Na lembrança afetiva de boa parte da população, principalmente dos habitantes da grande São Paulo, está guardado o bordão: “Espreme que sai sangue”. Os jovens adultos podem até não associar de primeira o termo à sua origem, mas basta falar do famoso Notícias Populares que tudo ganha sentido.
O jornal popularesco, infame e ousado – que juntava as pessoas em frente a banca para espiarem suas capas que transbordavam cadáveres, lado a lado com musas em ensaios apimentados e com manchetes garrafais absurdas – ganha uma biografia rica em detalhes, que resgata os fatos e lendas que rondaram a redação por mais de 30 anos.

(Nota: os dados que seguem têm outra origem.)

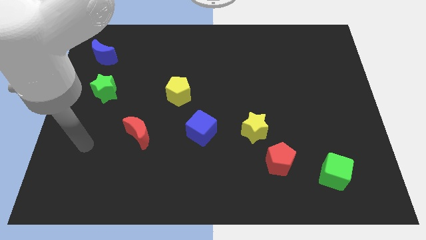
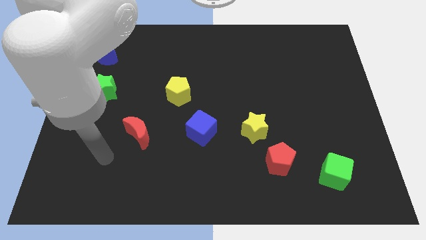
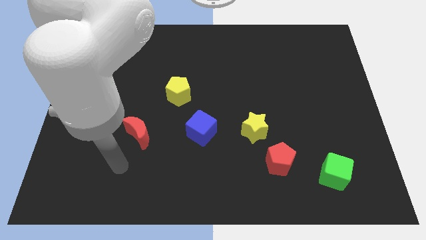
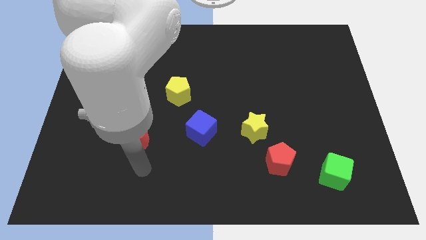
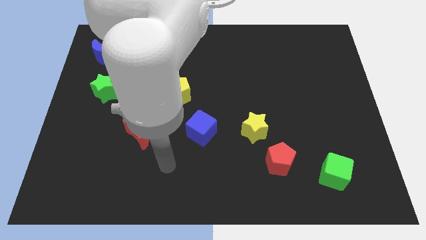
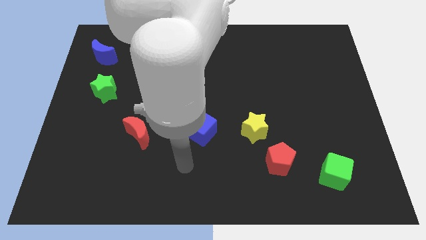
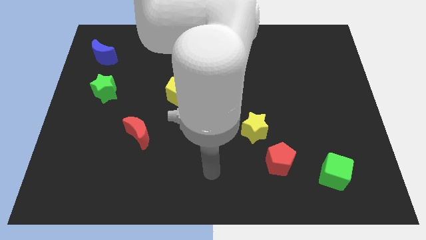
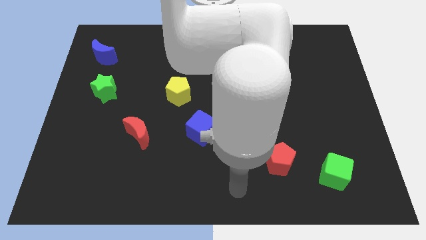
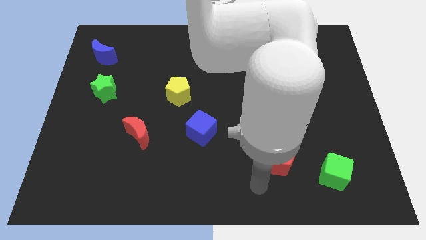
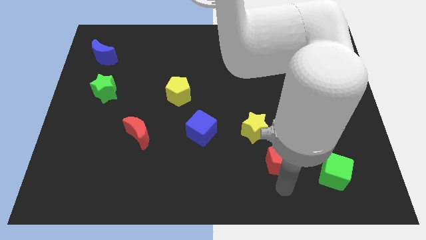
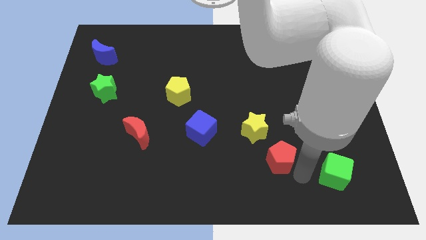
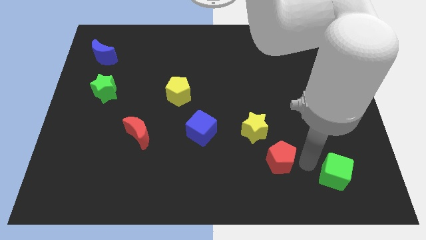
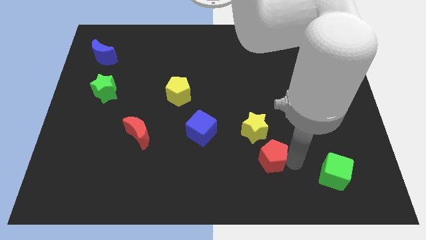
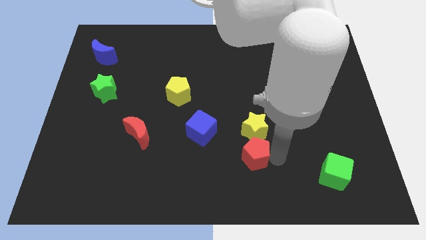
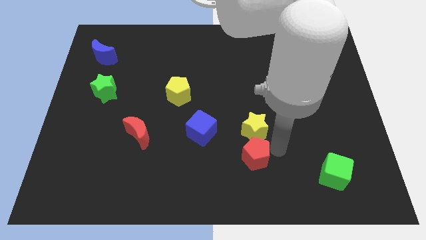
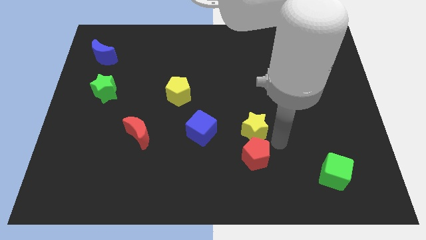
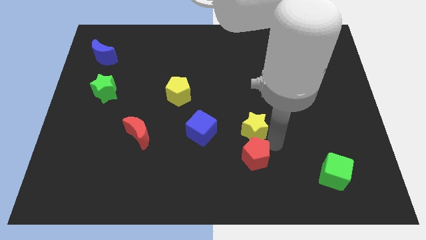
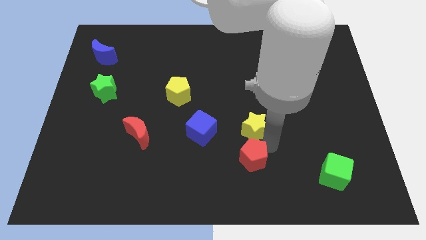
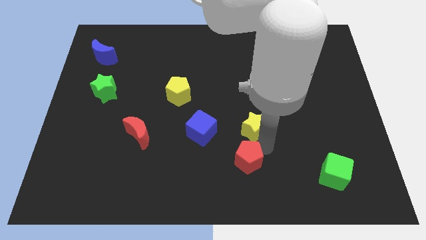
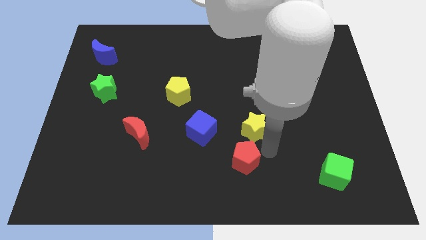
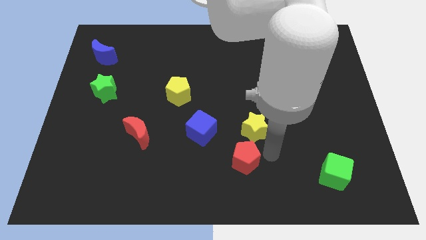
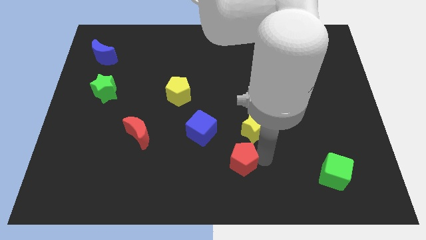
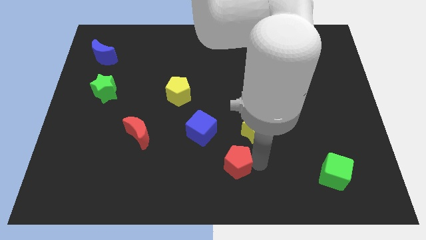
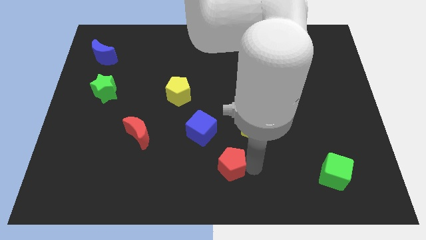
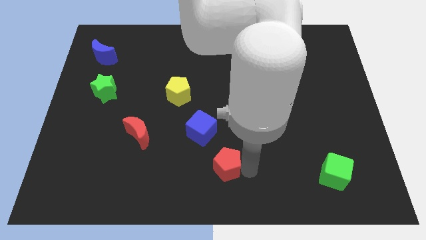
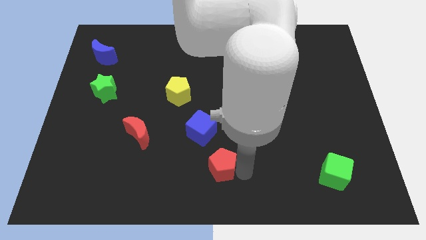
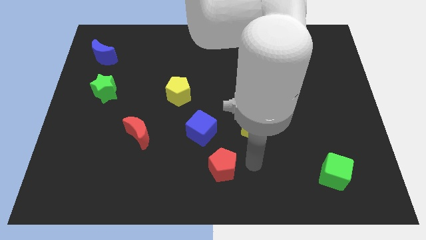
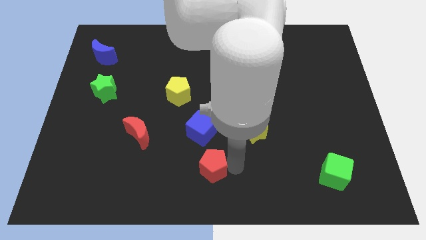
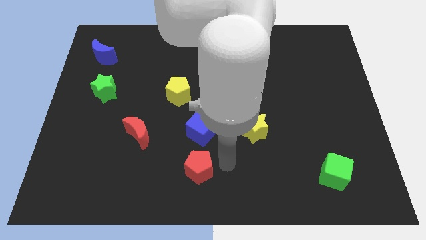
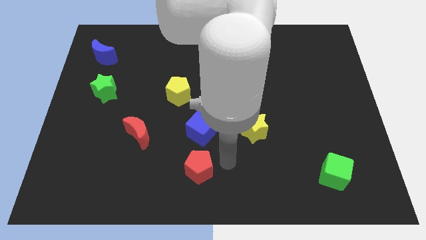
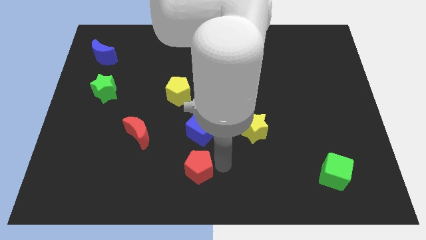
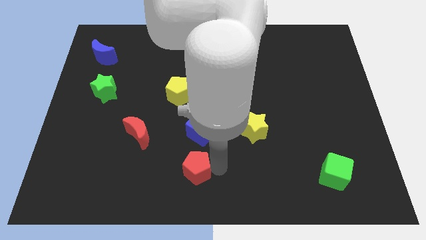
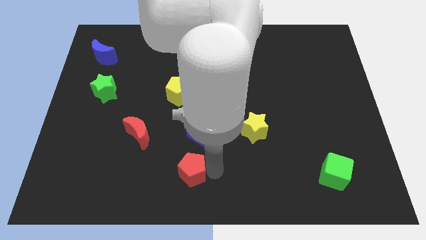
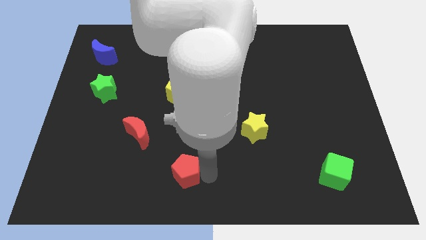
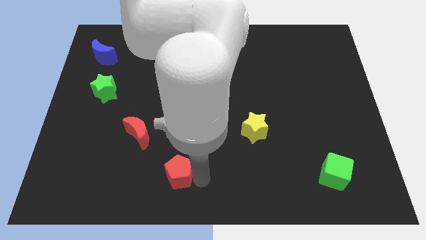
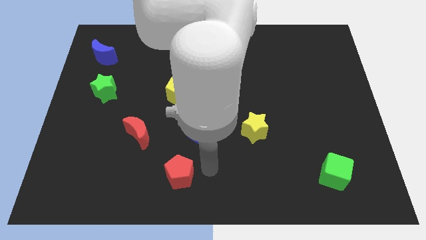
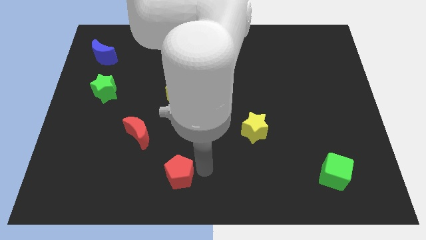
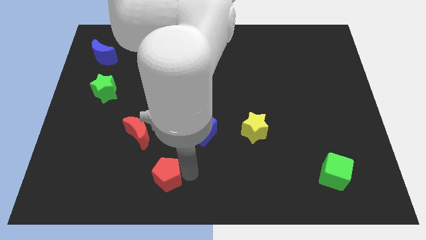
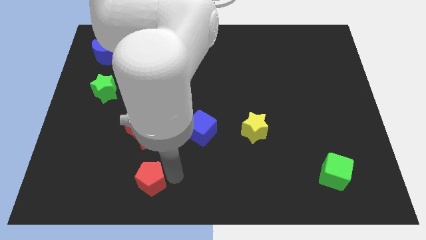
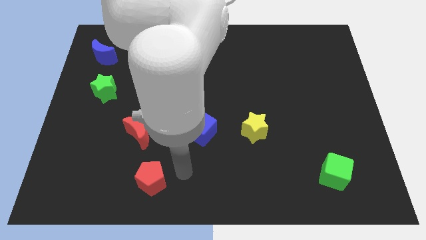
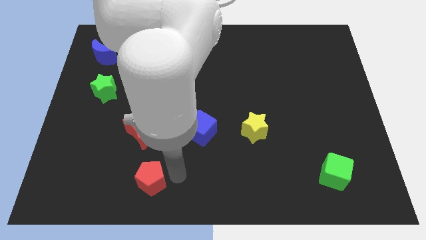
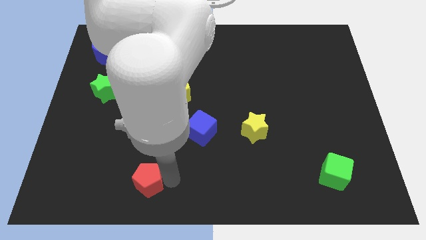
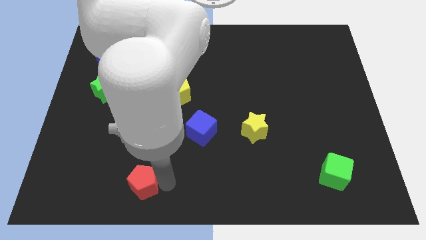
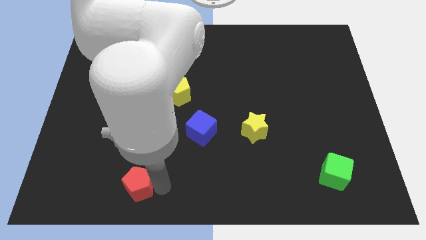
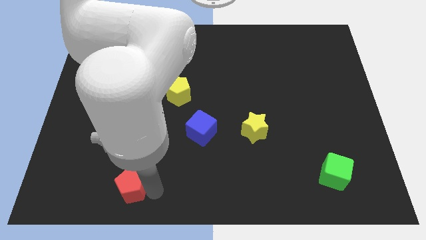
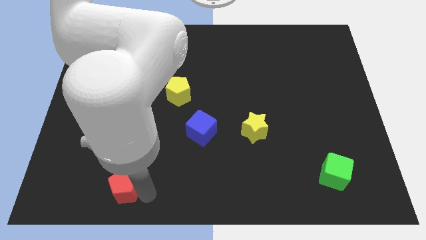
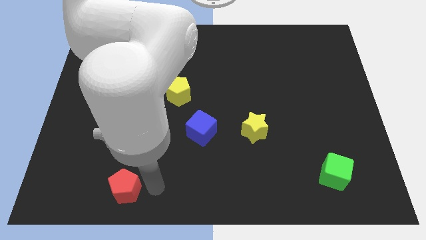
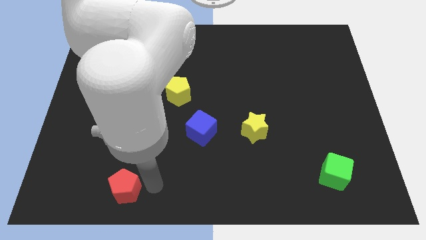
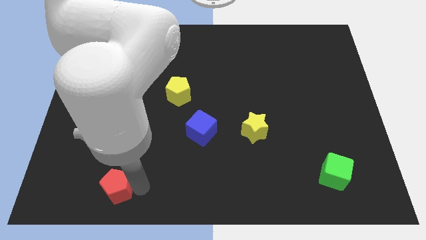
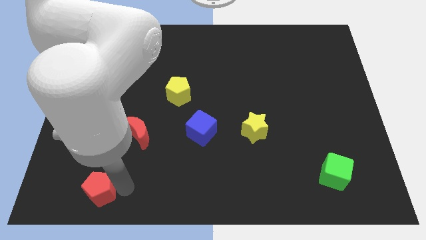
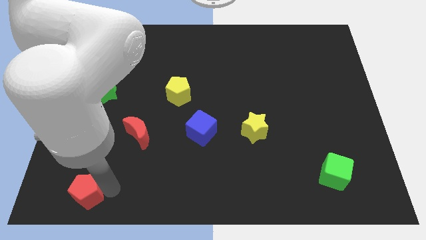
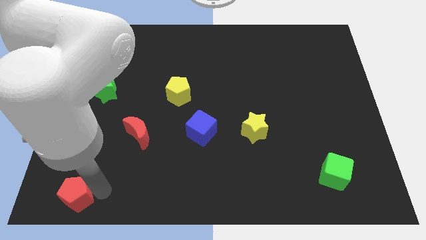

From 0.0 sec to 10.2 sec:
put the red pentagon to the lower left corner

A história do Notícias Populares é inseparável dos profissionais que se dedicaram a confeccionar diariamente o conteúdo diferenciado a que se propunha. Desde o começo, em 1963, posto em prática para espantar a “ameaça comunista” na sociedade, dedicou-se a dialogar com camadas desfavorecidas da sociedade. Sua fórmula era simples e objetiva: Policial, Sensual e Inusitado. Desta trinca como base, inseria nas suas diversas colunas (e bota diversas nisso) desde notas sobre política até ensaios filosóficos bem-humorados, passando por terapias sexuais até odes do RAP ao Heavy Metal.
O livro narra os bastidores do jornal, mostrando como foi o dia a dia do vasto quadro de funcionários, década a década, manchete a manchete. Claro que é um trabalho impossível trazer à luz os milhares de casos lá expostos, mas a seletiva é de puro bom gosto, como o caso do Vampiro de Osasco; o Bebê Diabo que nasceu em São Paulo; o famoso mendigo Pelezão que foi violentado por uma psicóloga da alta sociedade e virou subcelebridade; a mulher que deu luz a uma tartaruga, e muitas outras manchetes desafiadoras.
É interessante conhecer como funciona o pensamento da máquina midiática brasileira na sua faceta mais antiga, que é o jornal impresso, e suas mudanças repentinas para acompanhar as necessidades nem sempre facilmente detectáveis do povo. Dentro do prédio do NP vamos, junto com os repórteres, aos bairros mais perigosos, seguindo as diretrizes dos editores, às vezes surpresos com o eco de seu próprio produto.
O Notícias Populares ora serviu como válvula de escape para o trabalhador, ora como arma social e política, num jogo de interesses que tentou até o fim padronizar o jornal. Gerações diferentes deram sua contribuição e essa jornada nos faz entender um pouco sobre como é tênue a linha que separa a verdade da mentira. E trabalhando como equilibrista nessa linha, o Notícias Populares, de braços dados com seus leitores, caminhou a trancos e barrancos até a irremediável extinção, em janeiro de 2001.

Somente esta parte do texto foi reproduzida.